While it is clear Zimbabwe has had little success in its interventions to resolve an unsustainable US$13,3 billion external sovereign debt, a further worrying reality is the apparent lack of a viable strategy to expunge the equally malignant domestic public debt.
Analysts said the Treasury was as much obligated to come up with a more solid plan to expunge the domestic debt, which constitutes a weighty 22 percent of Zimbabwe’s total sovereign debt, as it weighed on domestic investment and the viability of local firms.
The Treasury has attempted to shortcut its way to dealing with the domestic debt, to be expunged through Treasury Bills and Bonds, but what is clear and worrying is the short-term nature of domestic securities, with more than 65 percent maturing in 2022, raising a high risk of financing challenges.
Although Finance and Economic Development Minister Mthuli Ncube, has tried to calm the nerves of investors by insisting the national budget will remain below 3 percent through 2025, observers believe the impact of global inflation, Covid-19, slower economic growth and climate change issues raise formidable constraints to the fiscus.
The Southern African country is saddled with an unsuitable debt of just over US$17 billion, the bulk of it external and already in arrears owed to multilateral institutions, mainly the World Bank, African Development Bank, Paris Club members and bilateral partners.
The stock of domestic debt as of end of December 2021 increased to $412,9 billion, from $16,7 billion (roughly US$7 billion) at the end of December 2020 — 14 percent share of Gross Domestic Product, in 2021, compared with 1,4 percent in 2020. This increase is due to the inclusion of compensation to Former Farm Owners in domestic debt data.
Treasury said compensation of former farm owners is included in domestic debt as these farmers were Zimbabwe residents at the time of the acquisition of farms. It said debt is classified by the residence of the holder or creditor, whereas debt from foreign resident creditors is classified as external, while debt from domestic resident creditors is classified as domestic.
Total public and publicly guaranteed (PPG) external debt stock as of the end of December 2021 stood at US$13,35 billion, of which 42 percent is owed to bilateral creditors, 20 percent to multilateral creditors and 37 percent is RBZ external debt (including blocked funds).
Arrears on external debt, which amounted to US$6,6 billion (49 percent of total external debt), remain a major protracted challenge to restoring debt sustainability and to the economy, resulting in the lack of access to official external financing, Treasury said in its 2022 Annual Debt Bulletin.
Currently, Zimbabwe has been blacklisted by major international lenders, including the IMF, where it cleared its liabilities in 2016 but remains barred from accessing new credit due to the pari passu rule, which compels the equal treatment of all multilateral lenders.
Poor economic policies over nearly two decades, with late former President Robert Mugabe in charge of the Government, allowed the economy to shrink nearly 50 percent, making it difficult for the country to meet its external obligations.
Crippling western sanctions, motivated by Zimbabwe’s decision to redistribute farms formerly owned by minority white former commercial farmers to the landless majority, have left the country in an even worse situation regarding its ability to pay its creditors.
Zimbabwe pursued various avenues in an effort to clear its debt and arrears, including the Lima Plan, which was approved and adopted by its creditors but made little progress.
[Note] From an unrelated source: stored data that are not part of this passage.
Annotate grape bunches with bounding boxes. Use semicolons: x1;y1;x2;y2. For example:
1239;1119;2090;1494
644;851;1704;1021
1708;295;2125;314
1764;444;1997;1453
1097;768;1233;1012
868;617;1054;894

Without access to external finance, the country has struggled to sustainably grow its economy.
Observers say Zimbabwe needs a holistic plan for both foreign and domestic debt in order to place the economy on a sustainable path to development. As things stand, Harare has focused entirely on foreign debt, and without success.
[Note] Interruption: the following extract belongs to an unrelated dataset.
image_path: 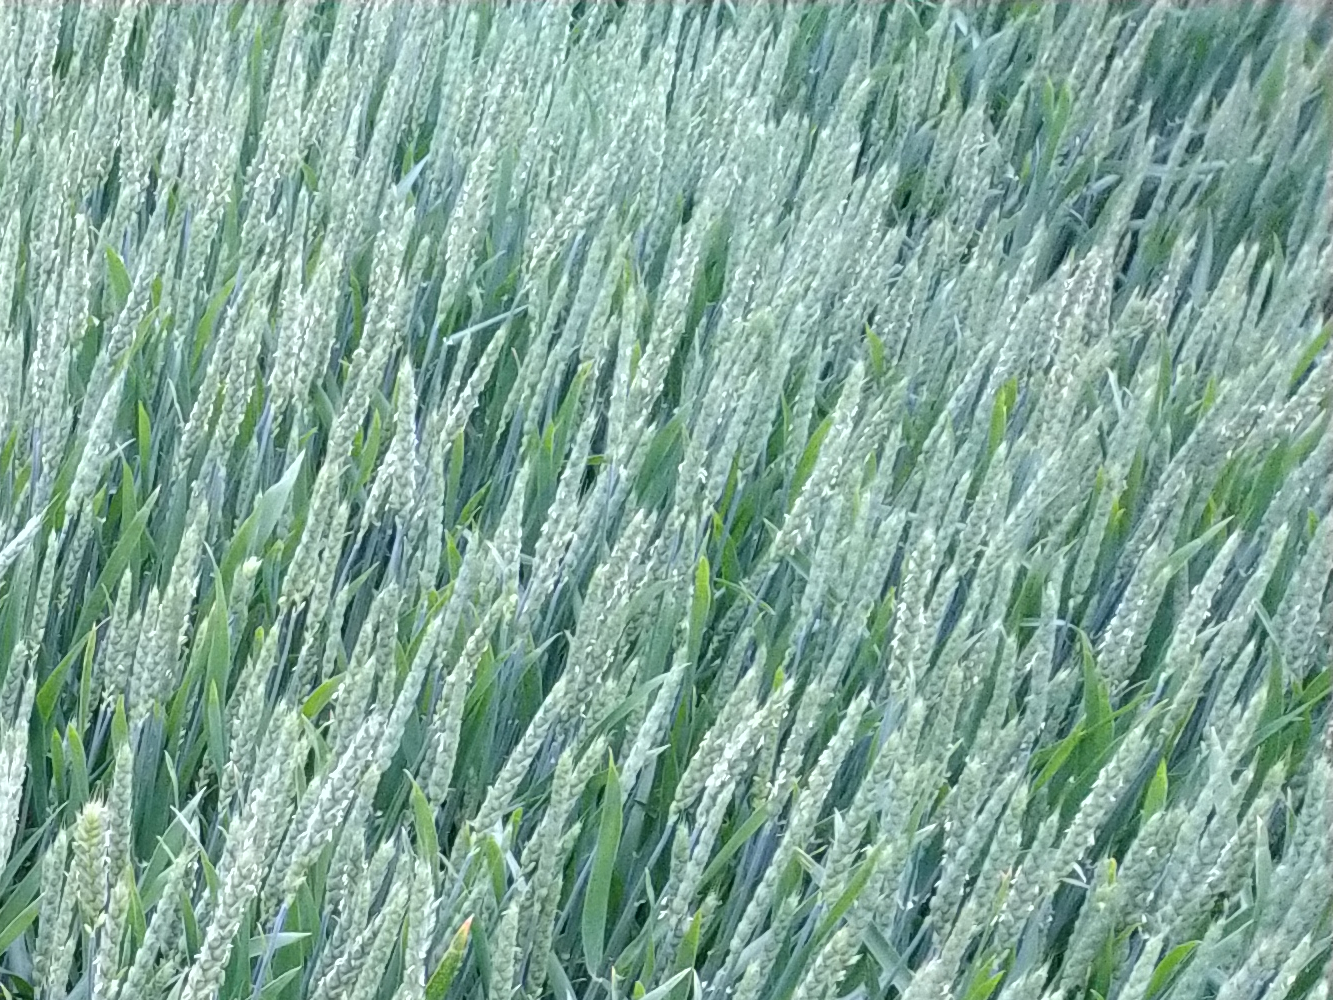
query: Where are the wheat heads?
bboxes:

While the Treasury has made frantic efforts to resolve external public debt, with little success, the Zimbabwe National Chamber of Commerce said a debt resolution strategy was equally important and urgent for domestic debt.
“Debt is debt, when dealing with debt you cannot have urgency on domestic debt only or on external debt only. You have to deal with the whole date holistically because if you owe someone, domestically or internationally, the impact is almost similar.
“So, I do not think there is need to look at it separately to say because once you ignore domestic debt to deal with the external debt for example it means that you are constraining domestic investment.
“When we talk about resolving debt, it is not necessary to separate domestic from external debt. What you can do is possibly work hard to make sure domestic debt on its own does not grow as fast as external debt, because you can avoid domestic debt.
“This is because domestic debt has a lot to do with profligacy or spending beyond our means, but external debt, obviously, your IMF, World Bank; you need funding to support the balance of payment, industry, and so on, but it has to be moderated of course,” he said.
Zimbabwe Coalition on Debt and Development head of programmes, John Maketo, said there equally was an urgent need to address the country’s domestic debt position given domestic debt had the negative impact of crowding out private players in the capital market.
“Private players cannot compete with the government in terms of borrowing,” he said, adding that unsustainable domestic debt had a negative impact of slowing down industrial growth by denying suppliers what they are owed by the State.
“It means their operational capacity is reduced because when the Government is borrowing, it is not only borrowing from financial institutions, it is also borrowing from service providers and delayed payments have an effect on service delivery,” Mateko said.
He said to address challenges emanating from unsustainable debt, there was need to work on interventions that restore the competitiveness of State-owned enterprises, which are also heavily indebted.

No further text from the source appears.